Di sekitarnya terbentang dua wilayah berlawanan: di selatan, Muspelheim, kerajaan api yang menyala-nyala, panas dan menyilaukan, dikuasai oleh raksasa api bernama Surtr yang menggenggam pedang berapi.

Sementara di utara, Niflheim, wilayah yang kelam dan beku, dipenuhi es yang tak pernah mencair, tempat mata air Hvergelmir yang menjadi sumber sungai-sungai dingin. Kedua wilayah ini mewakili kekuatan dasar dunia: panas yang menyala dan dingin yang mematikan.

Ketika panas dari Muspelheim merambah es di Niflheim, dua elemen bertemu.
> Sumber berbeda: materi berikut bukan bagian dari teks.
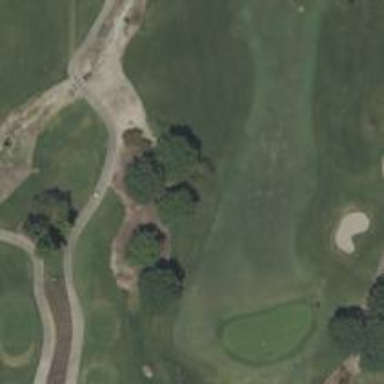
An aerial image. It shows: Tree on golf course.
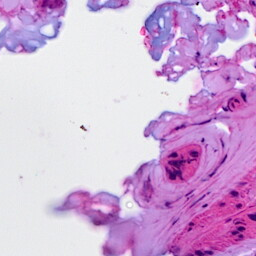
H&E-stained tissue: Breast
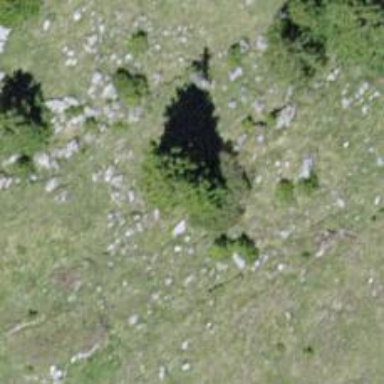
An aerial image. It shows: Needle-leaved tree in nature.
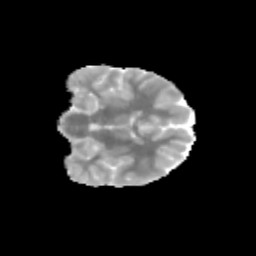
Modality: MD
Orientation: coronal
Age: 10
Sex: female
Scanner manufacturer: siemens
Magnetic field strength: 3 T
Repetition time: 3.8 s
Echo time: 0.07 s
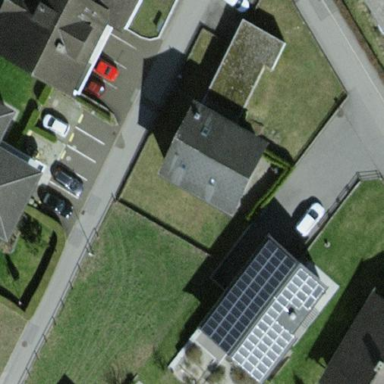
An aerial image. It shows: Detached building.
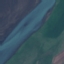
Land use / land cover: River
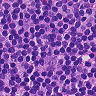
Metastatic tissue present: no
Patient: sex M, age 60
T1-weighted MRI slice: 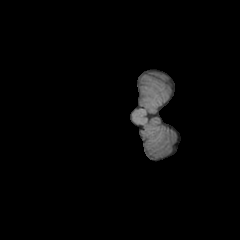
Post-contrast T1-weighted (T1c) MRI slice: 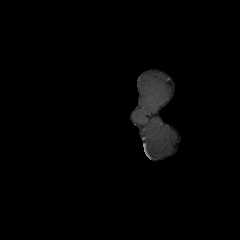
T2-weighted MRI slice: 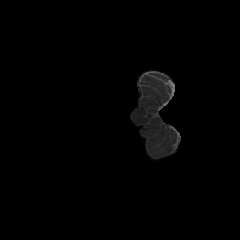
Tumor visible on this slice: no
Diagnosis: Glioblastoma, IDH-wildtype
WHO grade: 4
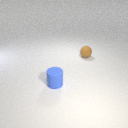
small blue rubber cylinder in front of small brown rubber sphere
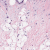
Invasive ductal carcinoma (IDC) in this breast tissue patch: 0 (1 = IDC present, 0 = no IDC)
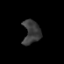
Tissue: prostate
Cell type: T cells
Senescence score: 0.1674
Nuclear area (px): 398
Mean DAPI intensity: 58.573
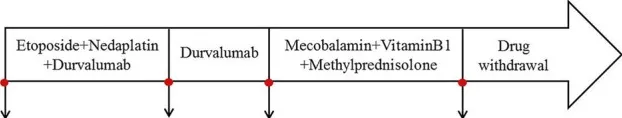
Timeline of treatment administration from the episode of care.
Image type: chart (chart)
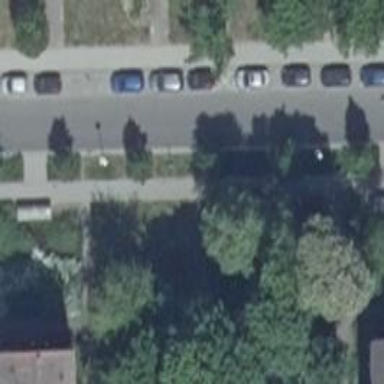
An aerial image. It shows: Avenue of trees.
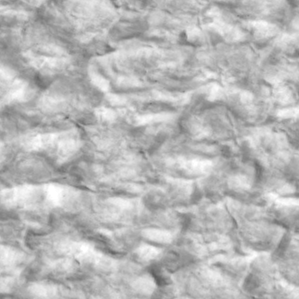
Label: non_frost
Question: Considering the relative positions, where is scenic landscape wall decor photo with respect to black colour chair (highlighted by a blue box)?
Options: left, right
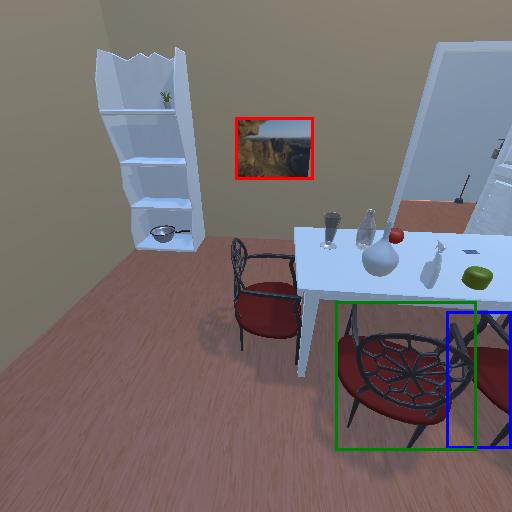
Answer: left
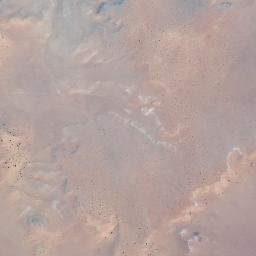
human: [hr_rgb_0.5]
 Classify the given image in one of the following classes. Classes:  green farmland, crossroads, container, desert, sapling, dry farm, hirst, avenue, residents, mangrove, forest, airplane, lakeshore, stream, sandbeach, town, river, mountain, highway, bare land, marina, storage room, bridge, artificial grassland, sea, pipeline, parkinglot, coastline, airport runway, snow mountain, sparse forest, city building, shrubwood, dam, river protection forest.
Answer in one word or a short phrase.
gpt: desert
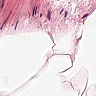
Metastatic tissue present: no
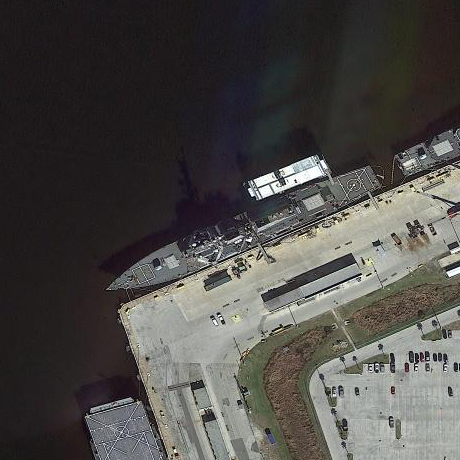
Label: destroyer
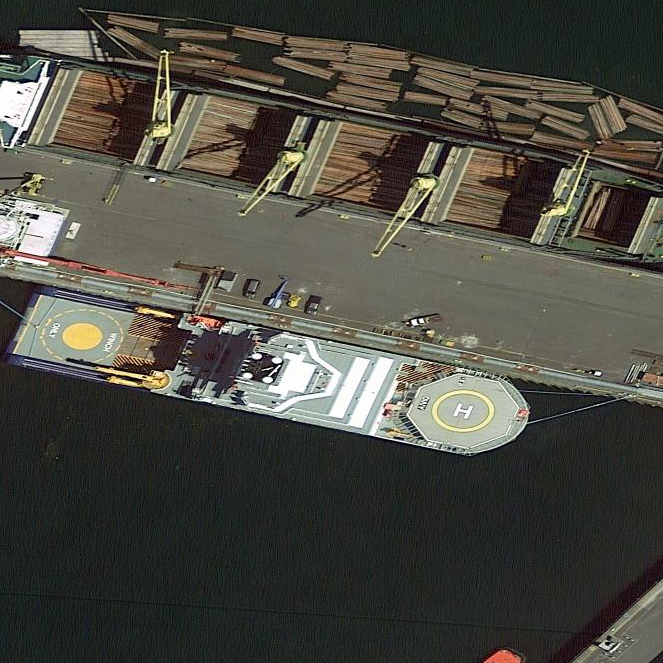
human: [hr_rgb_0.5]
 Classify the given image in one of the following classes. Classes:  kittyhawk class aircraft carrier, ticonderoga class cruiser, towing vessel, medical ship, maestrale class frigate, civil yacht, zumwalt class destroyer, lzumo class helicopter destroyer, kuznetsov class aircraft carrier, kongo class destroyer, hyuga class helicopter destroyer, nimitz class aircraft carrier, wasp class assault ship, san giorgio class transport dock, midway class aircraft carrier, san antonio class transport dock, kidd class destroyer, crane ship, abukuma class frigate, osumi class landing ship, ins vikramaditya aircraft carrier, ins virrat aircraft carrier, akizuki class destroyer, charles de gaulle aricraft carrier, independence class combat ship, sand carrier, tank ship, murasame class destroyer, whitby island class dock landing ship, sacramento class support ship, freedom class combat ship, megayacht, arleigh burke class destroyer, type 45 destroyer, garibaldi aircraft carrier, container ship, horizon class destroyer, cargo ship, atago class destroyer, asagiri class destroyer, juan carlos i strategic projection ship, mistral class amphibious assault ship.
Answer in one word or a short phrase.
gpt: Cargo ship

Es mencair, dan dari tetesan air itu muncul makhluk pertama, Ymir, raksasa yang menjadi leluhur semua Jotnarr, ras raksasa dalam mitologi Nordik.

Ymir adalah makhluk hermafrodit, sehingga dari tubuhnya sendiri ia menciptakan keturunan: dua raksasa lahir dari ketiaknya, dan dari kakinya lahir raksasa berkepala enam. Dari sinilah garis keturunan raksasa mulai berkembang biak.

Selain Ymir, tetesan es yang mencair juga melahirkan seekor sapi bernama Audhumla. Sapi ini menyediakan susu yang dikonsumsi oleh Ymir, sementara Audhumla sendiri menjilati balok-balok es yang ada di sekitarnya untuk bertahan hidup.

Dari jilatan Audhumla, perlahan-lahan terbentuk sosok manusia. Pada hari pertama, rambut muncul dari es; pada hari kedua, kepala; dan pada hari ketiga, seluruh tubuhnya keluar. Dewa yang muncul dari balok es itu bernama Buri. Dari keturunan Buri, lahir Borr, yang kemudian menikahi putri raksasa Bestla, melahirkan tiga anak yang kelak menjadi dewa paling berkuasa: Odin, Vili, dan Ve.

Mitologi Nordik, yang berkembang di antara bangsa Viking dan suku-suku Skandinavia kuno, adalah kosmologi yang penuh dengan pertarungan antara kekuatan-kekuatan besar alam semesta, di mana para dewa, raksasa, dan makhluk lain memainkan peran penting dalam menciptakan, memelihara, serta menghancurkan dunia.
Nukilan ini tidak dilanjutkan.